* [Work item]
From the line containing "Q: Is the text underlined? A: No." to the last line of the records, reproduce every line exactly and print nothing else.

* [Listed records]
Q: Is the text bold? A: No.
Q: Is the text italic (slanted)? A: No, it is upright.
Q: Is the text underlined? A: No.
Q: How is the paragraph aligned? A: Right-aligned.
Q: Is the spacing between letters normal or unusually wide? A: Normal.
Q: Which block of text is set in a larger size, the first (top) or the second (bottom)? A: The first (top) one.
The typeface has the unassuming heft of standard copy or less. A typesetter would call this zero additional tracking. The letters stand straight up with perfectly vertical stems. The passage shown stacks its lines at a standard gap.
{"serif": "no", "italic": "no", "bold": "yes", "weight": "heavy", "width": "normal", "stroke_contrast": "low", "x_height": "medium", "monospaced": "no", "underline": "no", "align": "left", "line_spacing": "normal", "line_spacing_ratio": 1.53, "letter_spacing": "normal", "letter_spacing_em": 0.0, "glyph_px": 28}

* [Response to this task]
Q: Is the text underlined? A: No.
Q: How is the paragraph aligned? A: Right-aligned.
Q: Is the spacing between letters normal or unusually wide? A: Normal.
Q: Which block of text is set in a larger size, the first (top) or the second (bottom)? A: The first (top) one.
The typeface has the unassuming heft of standard copy or less. A typesetter would call this zero additional tracking. The letters stand straight up with perfectly vertical stems. The passage shown stacks its lines at a standard gap.
{"serif": "no", "italic": "no", "bold": "yes", "weight": "heavy", "width": "normal", "stroke_contrast": "low", "x_height": "medium", "monospaced": "no", "underline": "no", "align": "left", "line_spacing": "normal", "line_spacing_ratio": 1.53, "letter_spacing": "normal", "letter_spacing_em": 0.0, "glyph_px": 28}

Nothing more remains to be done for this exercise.